What you should do: What you return must be the data below, word for word, without any images.

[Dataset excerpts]
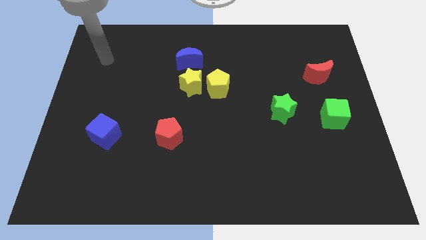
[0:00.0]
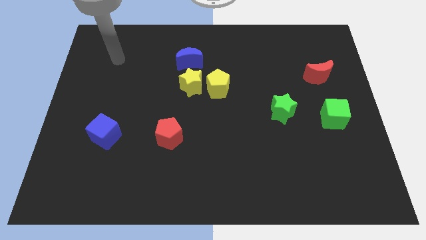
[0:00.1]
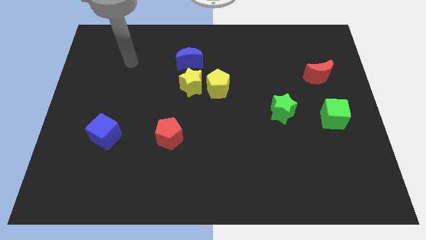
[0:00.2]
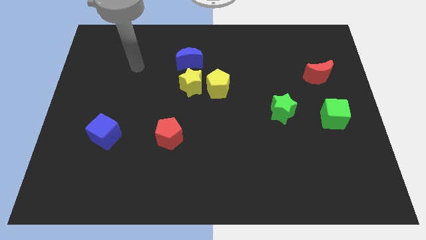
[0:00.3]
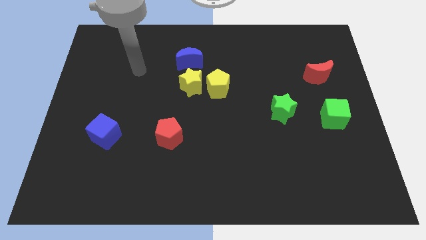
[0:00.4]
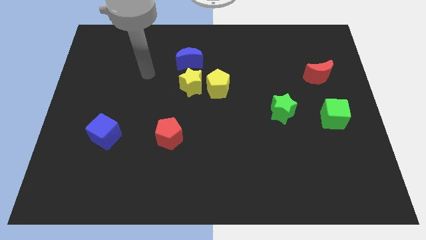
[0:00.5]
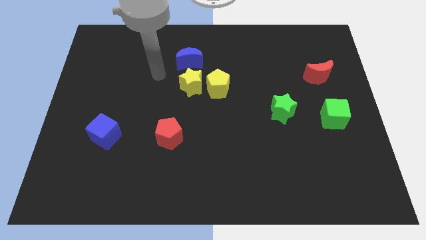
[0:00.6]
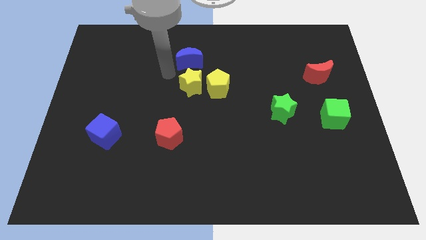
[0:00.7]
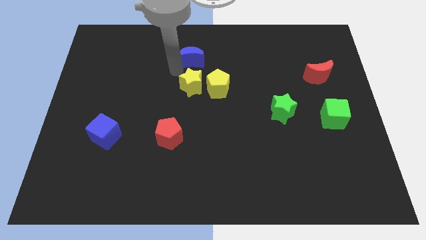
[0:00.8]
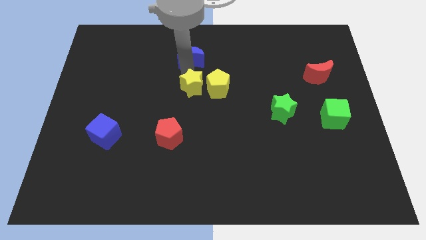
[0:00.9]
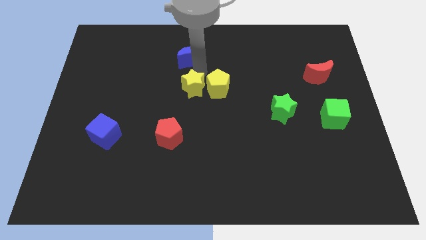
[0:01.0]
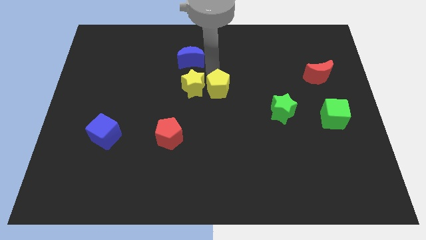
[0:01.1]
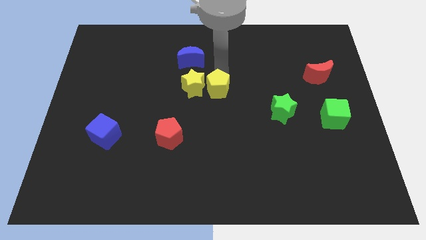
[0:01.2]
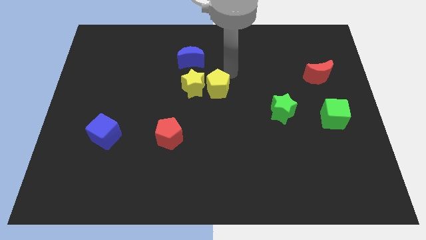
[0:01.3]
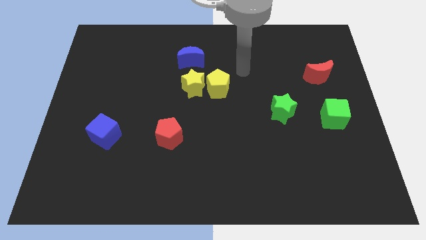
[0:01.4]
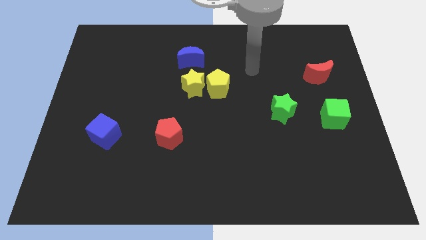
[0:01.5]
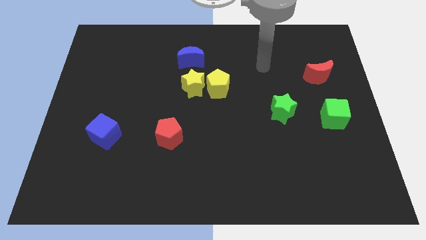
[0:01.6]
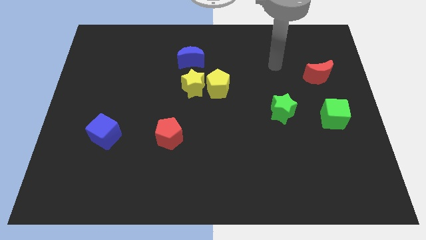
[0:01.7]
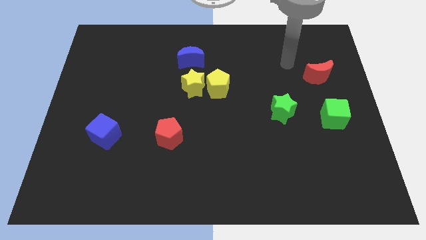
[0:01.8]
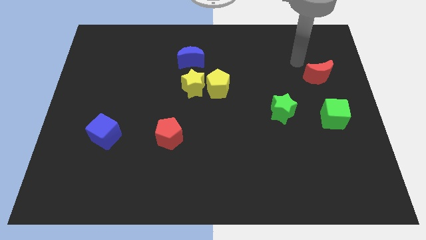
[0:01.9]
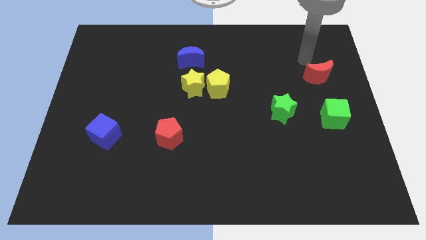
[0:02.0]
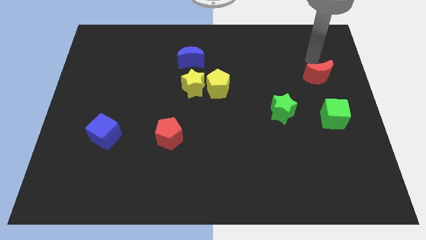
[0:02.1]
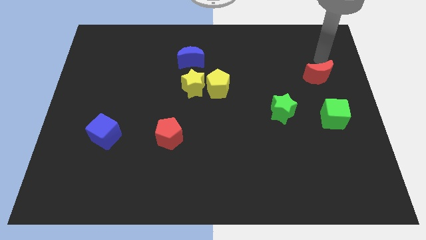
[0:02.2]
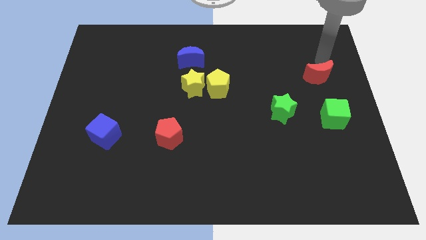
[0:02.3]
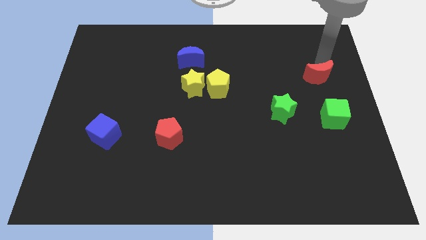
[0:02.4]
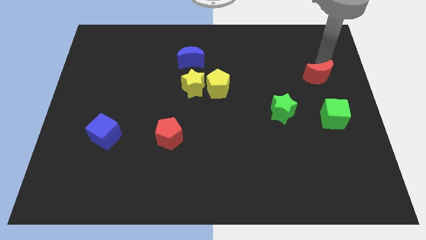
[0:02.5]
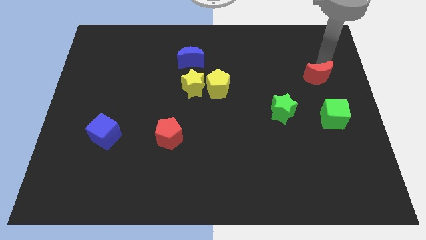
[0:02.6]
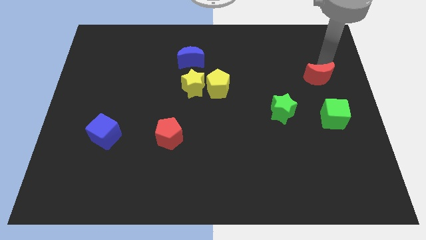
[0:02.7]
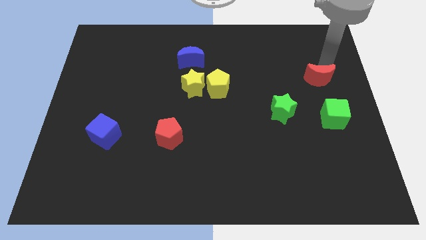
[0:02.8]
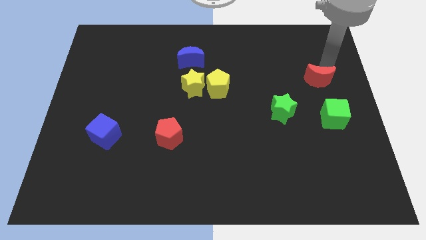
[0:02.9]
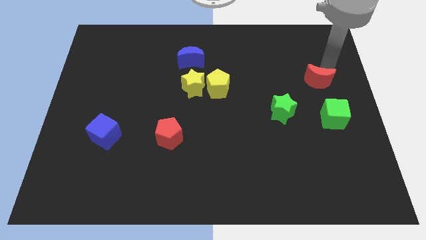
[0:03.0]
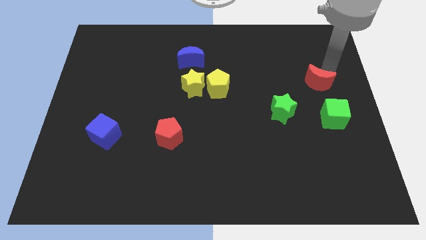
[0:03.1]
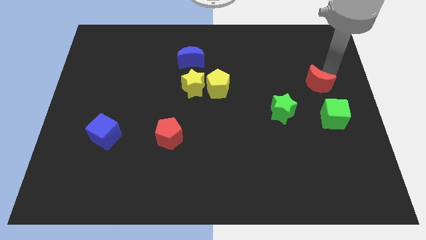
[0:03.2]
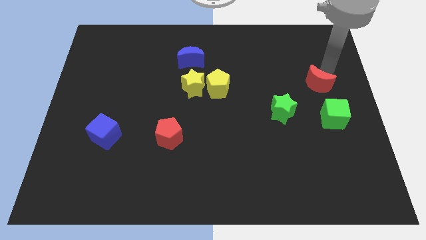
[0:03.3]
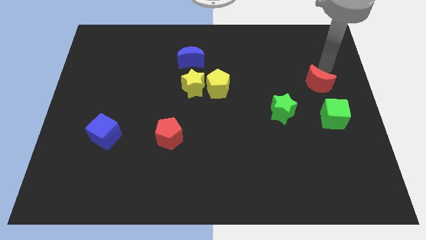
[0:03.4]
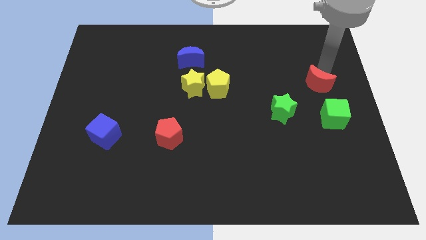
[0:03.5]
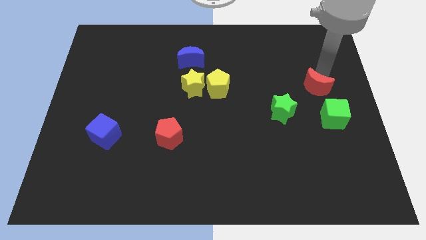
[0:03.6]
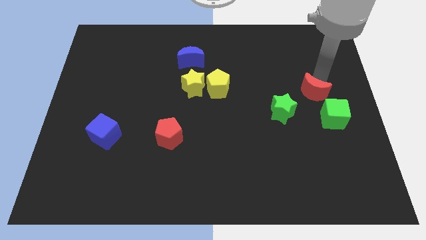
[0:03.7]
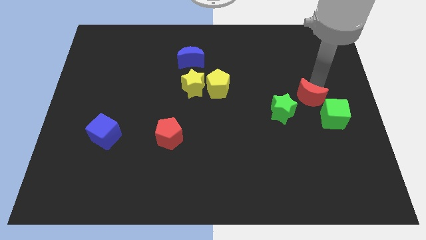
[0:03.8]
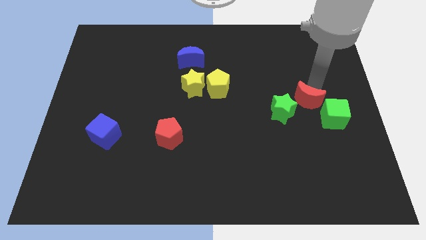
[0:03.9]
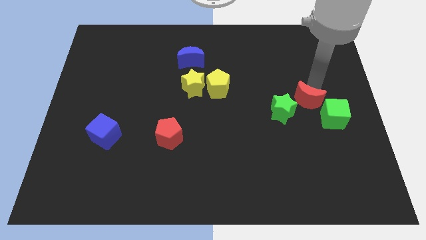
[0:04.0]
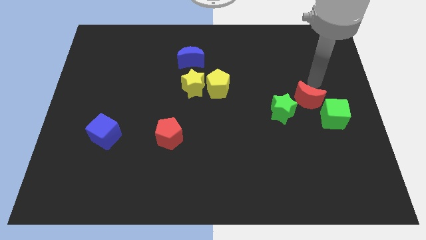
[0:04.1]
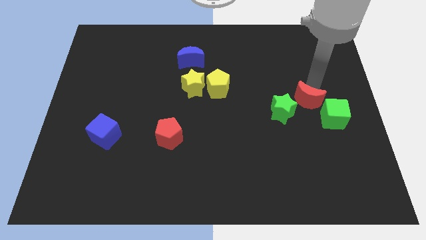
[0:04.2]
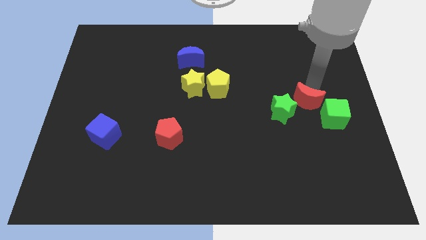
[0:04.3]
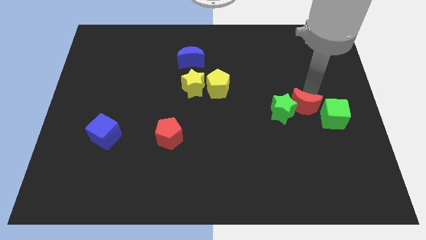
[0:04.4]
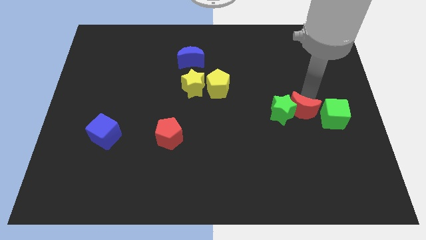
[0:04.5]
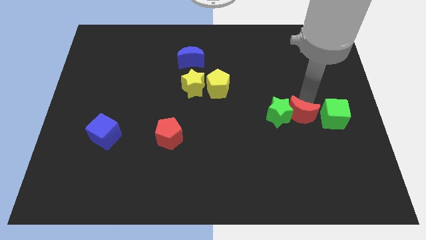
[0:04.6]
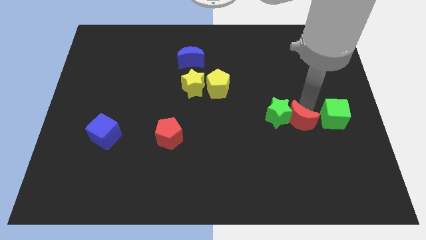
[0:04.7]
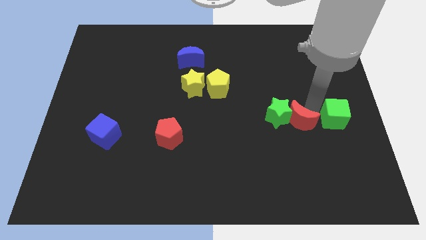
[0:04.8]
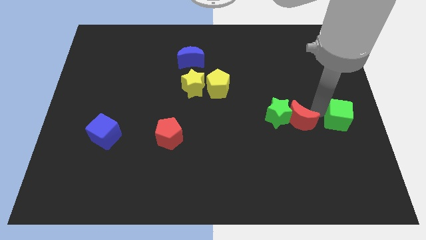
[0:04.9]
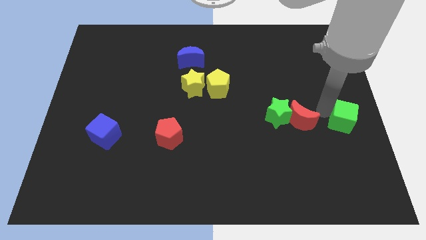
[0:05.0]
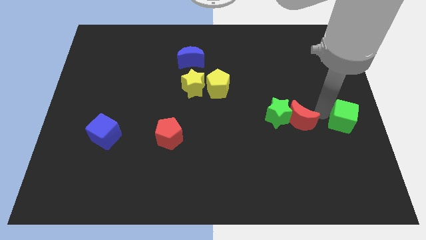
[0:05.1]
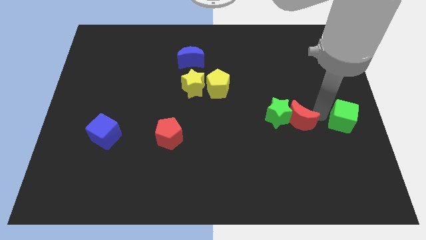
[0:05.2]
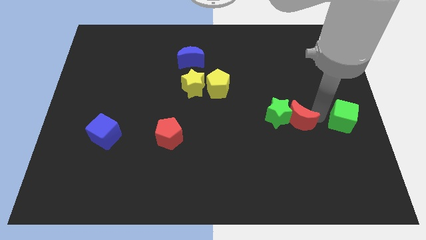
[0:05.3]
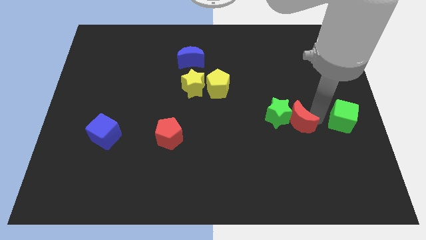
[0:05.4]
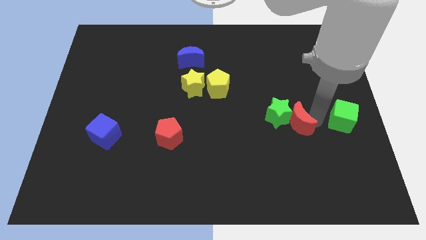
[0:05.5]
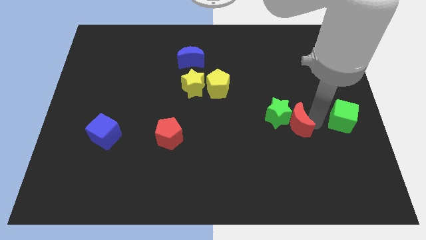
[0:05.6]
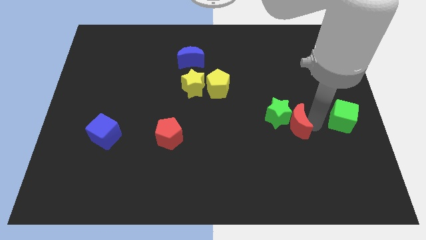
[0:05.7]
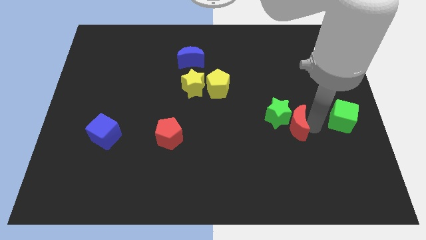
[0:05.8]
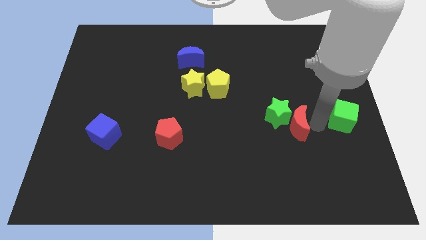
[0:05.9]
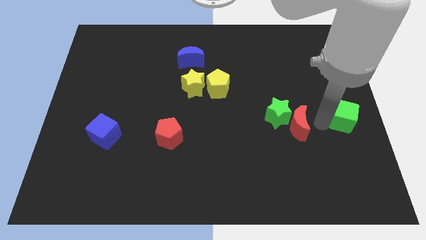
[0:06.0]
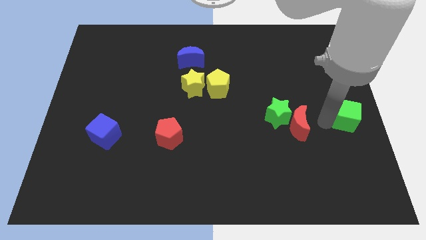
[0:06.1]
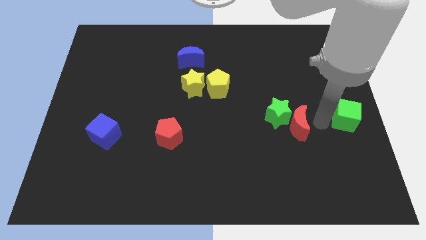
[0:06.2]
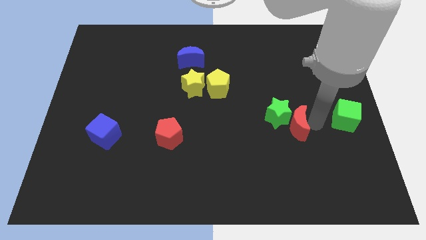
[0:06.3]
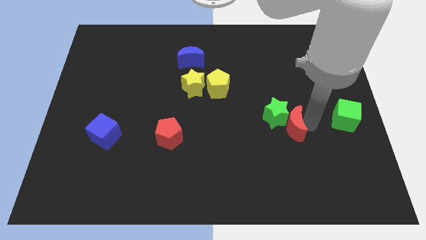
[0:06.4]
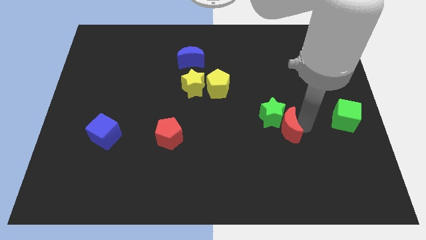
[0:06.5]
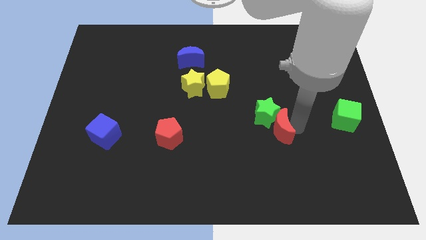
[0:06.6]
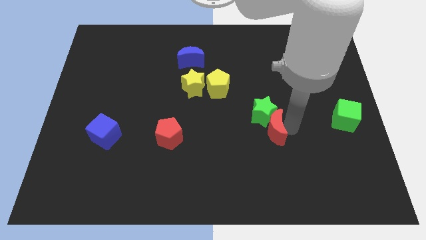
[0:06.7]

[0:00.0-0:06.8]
move the red moon down and left diagonally

Solution to this exercise:
[0:00.0]
[0:00.1]
[0:00.2]
[0:00.3]
[0:00.4]
[0:00.5]
[0:00.6]
[0:00.7]
[0:00.8]
[0:00.9]
[0:01.0]
[0:01.1]
[0:01.2]
[0:01.3]
[0:01.4]
[0:01.5]
[0:01.6]
[0:01.7]
[0:01.8]
[0:01.9]
[0:02.0]
[0:02.1]
[0:02.2]
[0:02.3]
[0:02.4]
[0:02.5]
[0:02.6]
[0:02.7]
[0:02.8]
[0:02.9]
[0:03.0]
[0:03.1]
[0:03.2]
[0:03.3]
[0:03.4]
[0:03.5]
[0:03.6]
[0:03.7]
[0:03.8]
[0:03.9]
[0:04.0]
[0:04.1]
[0:04.2]
[0:04.3]
[0:04.4]
[0:04.5]
[0:04.6]
[0:04.7]
[0:04.8]
[0:04.9]
[0:05.0]
[0:05.1]
[0:05.2]
[0:05.3]
[0:05.4]
[0:05.5]
[0:05.6]
[0:05.7]
[0:05.8]
[0:05.9]
[0:06.0]
[0:06.1]
[0:06.2]
[0:06.3]
[0:06.4]
[0:06.5]
[0:06.6]
[0:06.7]

[0:00.0-0:06.8]
move the red moon down and left diagonally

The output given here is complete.